Studio album by Barry White
- Released: September 24, 1987
- Recorded: 1986–1987
- Genre: R&B, soul
- Length: 69:11
- Label: A&M/PolyGram 215 154
- Producer: Barry White

Barry White chronology
| Dedicated (1983) | The Right Night & Barry White (1987) | The Collection (1988) |

= The Right Night & Barry White =

The Right Night & Barry White is the self-produced sixteenth album by American R&B singer Barry White, which was released in 1987 on A&M Records.
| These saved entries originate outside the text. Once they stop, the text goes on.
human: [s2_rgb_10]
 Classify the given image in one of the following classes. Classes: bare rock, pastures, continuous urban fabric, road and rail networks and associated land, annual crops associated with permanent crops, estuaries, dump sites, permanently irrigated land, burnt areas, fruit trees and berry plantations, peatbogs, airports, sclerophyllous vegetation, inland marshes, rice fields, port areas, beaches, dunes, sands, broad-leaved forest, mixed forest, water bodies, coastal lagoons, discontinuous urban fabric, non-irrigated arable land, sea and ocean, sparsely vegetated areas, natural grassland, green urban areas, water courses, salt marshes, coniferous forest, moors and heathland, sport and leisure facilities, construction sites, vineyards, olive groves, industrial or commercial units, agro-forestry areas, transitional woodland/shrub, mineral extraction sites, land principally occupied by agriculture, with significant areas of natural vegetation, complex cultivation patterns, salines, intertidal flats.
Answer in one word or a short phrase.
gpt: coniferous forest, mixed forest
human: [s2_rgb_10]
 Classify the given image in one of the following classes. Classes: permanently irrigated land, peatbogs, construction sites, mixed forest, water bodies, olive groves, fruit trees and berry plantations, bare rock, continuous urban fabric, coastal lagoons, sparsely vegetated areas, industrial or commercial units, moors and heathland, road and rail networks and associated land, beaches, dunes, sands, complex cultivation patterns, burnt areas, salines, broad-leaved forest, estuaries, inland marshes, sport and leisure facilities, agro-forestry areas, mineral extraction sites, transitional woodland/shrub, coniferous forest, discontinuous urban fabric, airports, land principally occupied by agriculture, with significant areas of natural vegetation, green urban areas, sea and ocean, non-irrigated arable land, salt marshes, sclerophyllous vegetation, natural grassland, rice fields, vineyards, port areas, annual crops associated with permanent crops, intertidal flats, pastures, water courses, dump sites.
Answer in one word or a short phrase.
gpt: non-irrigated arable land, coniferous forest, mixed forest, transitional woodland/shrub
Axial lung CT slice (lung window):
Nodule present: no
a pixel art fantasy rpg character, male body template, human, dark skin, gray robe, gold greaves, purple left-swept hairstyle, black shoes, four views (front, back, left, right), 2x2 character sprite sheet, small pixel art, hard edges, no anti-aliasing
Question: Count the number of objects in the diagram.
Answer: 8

The album peaked at No. 28 on the Billboard Top R&B Albums chart.

Professional ratings
Review scores
| Source | Rating |
| AllMusic | Star |
| High Fidelity | (favourable) |
| Smash Hits | 8.75/10 |

== Track listings ==
1. "Good Dancin' Music" (Barry White, Jack Perry) – 7:05
2. "As Time Goes By" (Herman Hupfeld) – 5:51
3. "Sho' You Right" (White, Perry) – 7:43
4. "For Your Love (I'll Do Most Anything)" (White, Bryan Loren) – 6:23
5. "There's a Place (Where Love Never Ends)" (White, Frieda Brock, Doug Lambert) – 7:25
6. "Love Is in Your Eyes" (White, Perry, Don Williams) – 7:22
7. "I'm Ready for Love" (White, Lambert, Edward R. Martinez) – 5:09
8. "Share" (White, Charles Fearing) – 7:05
9. "Who's the Fool" (White, Perry, Eugene Booker) – 6:36
10. "The Right Night" (White) – 6:32

===LP & cassette===
1. "Sho' You Right" (White, Perry) – 7:43
2. "For Your Love (I'll Do Most Anything)" (White, Bryan Loren) – 4:24
3. "There's a Place (Where Love Never Ends)" (White, Frieda Brock, Doug Lambert) – 5:32
4. "Love Is in Your Eyes" (White, Perry, Don Williams) – 5:55
5. "Theme" - 0:33
6. "The Right Night" (White) – 5:50
7. "I'm Ready for Love" (White, Lambert, Edward R. Martinez) – 5:11
8. "Theme" - 0:32
9. "Share" (White, Charles Fearing) – 7:05
10. "Who's the Fool" (White, Perry, Eugene Booker) – 6:36

== Singles ==
- "Sho' You Right" (US R&B No. 17, UK No. 14)
- "For Your Love (I'll Do Most Anything)" (US R&B No. 27, UK No. 94)

==Personnel==
- Barry White – lead vocals, keyboards, bass, drums, percussion
- Eugene Booker, Doug Lambert, Bryan Loren, Jack Perry – keyboards
- Melvin "Wah Wah" Watson – guitars, backing vocals
- Nathan East – bass
- Al Chalk – percussion
- Thomas Alvarado – tenor saxophone
- James Bailey, Kenny Harris, Stephanie Haynes, Brenda Holloway, Cheryl James, Diane Taylor, Sharon-Lyn Rochelle, Kathy Thompson, Glodean White – backing vocals
- Strings arranged by Gene Page

==Charts==

Chart performance for The Right Night & Barry White
| Chart (1987) | Peak position |
|---|---|
| New Zealand Albums (RMNZ) | 45 |
| UK Albums (OCC) | 74 |
| US Billboard 200 | 159 |
| US Top R&B/Hip-Hop Albums (Billboard) | 28 |

==Certifications and sales==

| Region | Certification | Certified units/sales |
| France (SNEP) | 2× Gold | 200,000^{*} |
^{*} Sales figures based on certification alone.